JORDAN’S King Abdullah II told CNBC television news network last week that he supports the formation of a NATO-style military alliance in the Middle East region.
He said: ‘The kingdom works actively with NATO and sees itself as a partner of the alliance, having fought shoulder-to-shoulder with NATO troops for decades.’
The Jordanian monarch expressed his desire to see ‘more countries in the area come into that mix.’
‘I would be one of the first people that would endorse a Middle East NATO,’ he added. King Abdullah said the vision and mission statement for such a military alliance must ‘be very clear, and its role should be well defined. Otherwise, it confuses everybody.’
US President Joe Biden is due to travel to the Middle East next month, during which time he will visit the Israeli-occupied territories and the West Bank, followed by a trip to Saudi Arabia.
His visit to form a Middle East NATO organisation is a direct threat to Iran, the Palestinian revolution and the struggle for Arab liberation.
It takes place just after the World Food Programme (WFP) announced further dramatic cuts to food aid in Yemen. A new UN report says more than 19 million Yemenis are now facing hunger, setting a new record since the beginning of the devastating Saudi-led, US-supported war on Yemen in 2015.
The United Nations Office for the Coordination of Humanitarian Affairs (OCHA) said on Tuesday that funding cuts are hampering its ability to help people in need, including 160,000 Yemenis who are on the verge of starvation. ‘Five million people will now receive less than half of their daily requirement, and eight million people will receive less than one-third of their daily requirement,’ the OCHA said.
The World Food Programme announced on Sunday that it was forced into further dramatic cuts to food aid in Yemen as a result of not receiving enough funding, global economic conditions, and the continued knock-on effects of the war in Ukraine.
‘Critical funding gaps, global inflation and the knock-on effects of the war in Ukraine have forced @WFP in #Yemen to make some extremely tough decisions about the support we provide to our beneficiaries,’ the organisation said on Twitter.
Political commentator Hussein al-Bukhaiti says Saudi Arabia is in fact openly violating the truce deal because the agreement allows the entry of 18 fuel ships into the Hudaydah port.
The OCHA also said UNICEF may have to stop treatment for more than 50,000 severely malnourished children by July, adding that the UN body will suspend maternal and child health support which help up to 2.5 million children and 100,000 women by then.
The UN has described the situation in Yemen as the world’s ‘worst humanitarian crisis,’ caused by seven years of war and a cruel siege launched by Riyadh and its regional allies against the poor Middle Eastern country.
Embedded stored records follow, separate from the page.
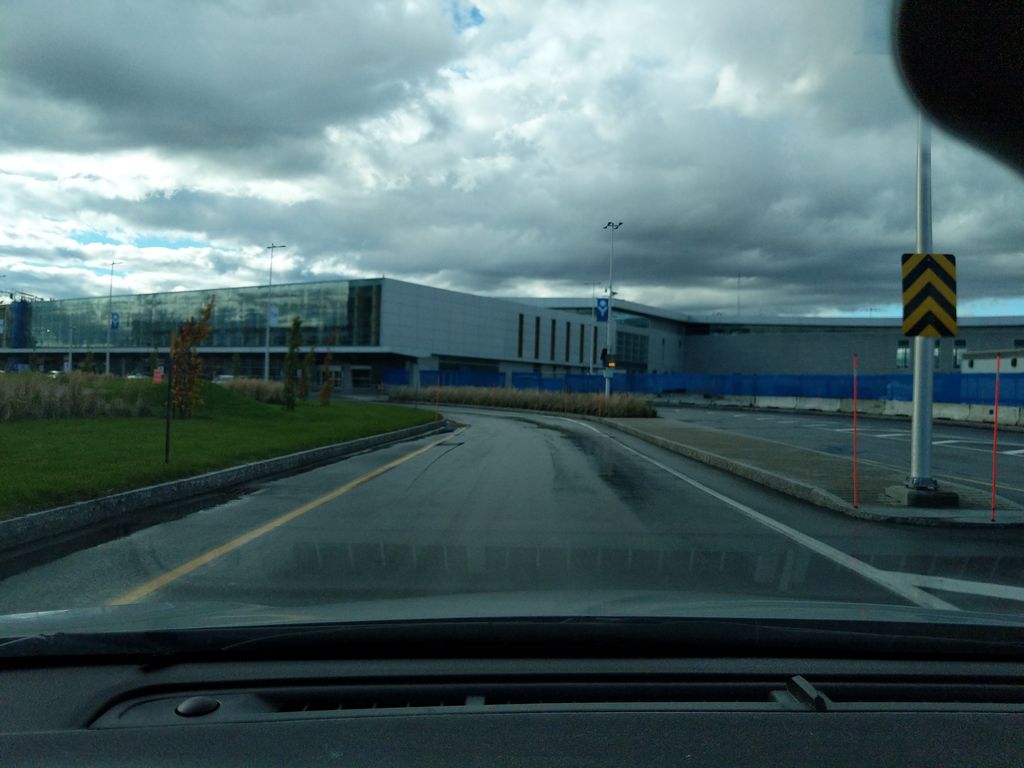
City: quebec_city
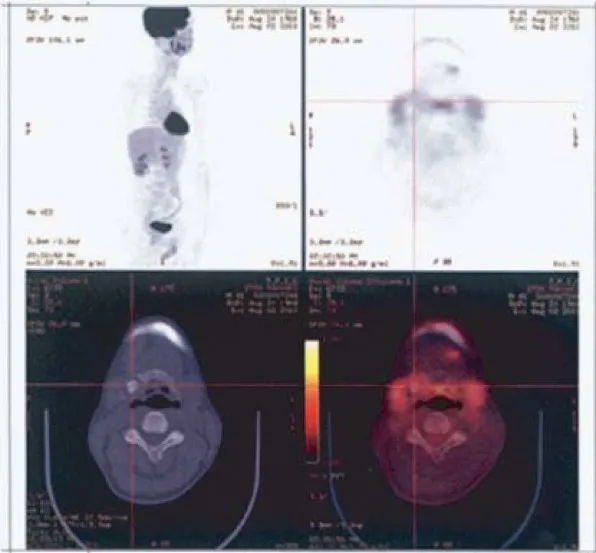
Positron emission tomography-computed tomography. No abnormal accumulation in the hyoid tumor or systemic abnormalities were evident.
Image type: radiology (pet)

Since then, the Saudi-led coalition has repeatedly prevented the delivery of much-needed humanitarian aid and fuel to Yemeni ports.
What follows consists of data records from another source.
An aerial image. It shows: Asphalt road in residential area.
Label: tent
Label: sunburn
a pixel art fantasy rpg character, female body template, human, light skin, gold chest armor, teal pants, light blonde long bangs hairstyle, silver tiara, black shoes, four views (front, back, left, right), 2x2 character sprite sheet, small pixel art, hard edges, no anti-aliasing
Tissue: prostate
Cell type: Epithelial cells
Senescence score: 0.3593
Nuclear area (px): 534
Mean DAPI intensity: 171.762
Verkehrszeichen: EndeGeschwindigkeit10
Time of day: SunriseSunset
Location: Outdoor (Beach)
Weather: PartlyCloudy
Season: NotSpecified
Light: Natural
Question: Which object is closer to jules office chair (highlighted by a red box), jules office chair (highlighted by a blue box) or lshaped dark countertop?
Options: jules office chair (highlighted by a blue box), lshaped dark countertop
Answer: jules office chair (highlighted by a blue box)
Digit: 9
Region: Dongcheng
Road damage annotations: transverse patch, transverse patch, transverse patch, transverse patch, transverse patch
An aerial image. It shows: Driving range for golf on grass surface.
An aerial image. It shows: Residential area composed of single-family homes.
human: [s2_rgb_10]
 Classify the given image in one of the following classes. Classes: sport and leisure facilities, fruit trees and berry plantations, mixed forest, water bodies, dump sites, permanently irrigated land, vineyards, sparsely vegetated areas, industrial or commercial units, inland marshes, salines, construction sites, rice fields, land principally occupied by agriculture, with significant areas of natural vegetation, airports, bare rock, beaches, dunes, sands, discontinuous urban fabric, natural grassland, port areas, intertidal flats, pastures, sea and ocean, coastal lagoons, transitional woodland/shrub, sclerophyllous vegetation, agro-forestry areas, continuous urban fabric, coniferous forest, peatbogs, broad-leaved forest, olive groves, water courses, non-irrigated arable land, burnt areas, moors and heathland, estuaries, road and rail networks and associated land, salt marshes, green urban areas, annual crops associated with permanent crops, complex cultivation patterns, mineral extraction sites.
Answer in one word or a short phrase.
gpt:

Meanwhile in Afghanistan, hundreds of thousands are homeless and going hungry after a massive earthquake killed thousands last Wednesday.
Most survivors on the hit area now live outdoors with no food or water available. Ehsanullah Ehsan is a security officer in Barmal district. He said: ‘The urgent need is to rebuild the houses … but what is certain is that without the help of the international community we will not be able to do it.’
The international community however is not helping, it is taking its revenge on the Afghan people who defeated the military forces of both the USA and the UK to gain their liberation. Without access to clean drinking water, health authorities fear that cholera will spread among survivors of the deadly earthquake.
In a rare move, the Taliban’s supreme leader, Haibatullah Akhundzadah has pleaded with the international community and humanitarian organisations ‘to help the Afghan people affected by this great tragedy and to spare no effort’.
But the international community is not listening. They are taking revenge for their historic defeat.
Workers trade unions in the West must demand that their governments aid the Afghan people, and that the US and the UK must give up their plot to establish a NATO organisation in the Middle East.
What the Middle East needs is workers revolutions that will see to it that the colossal wealth of the region is used for the benefit of the peoples of the region.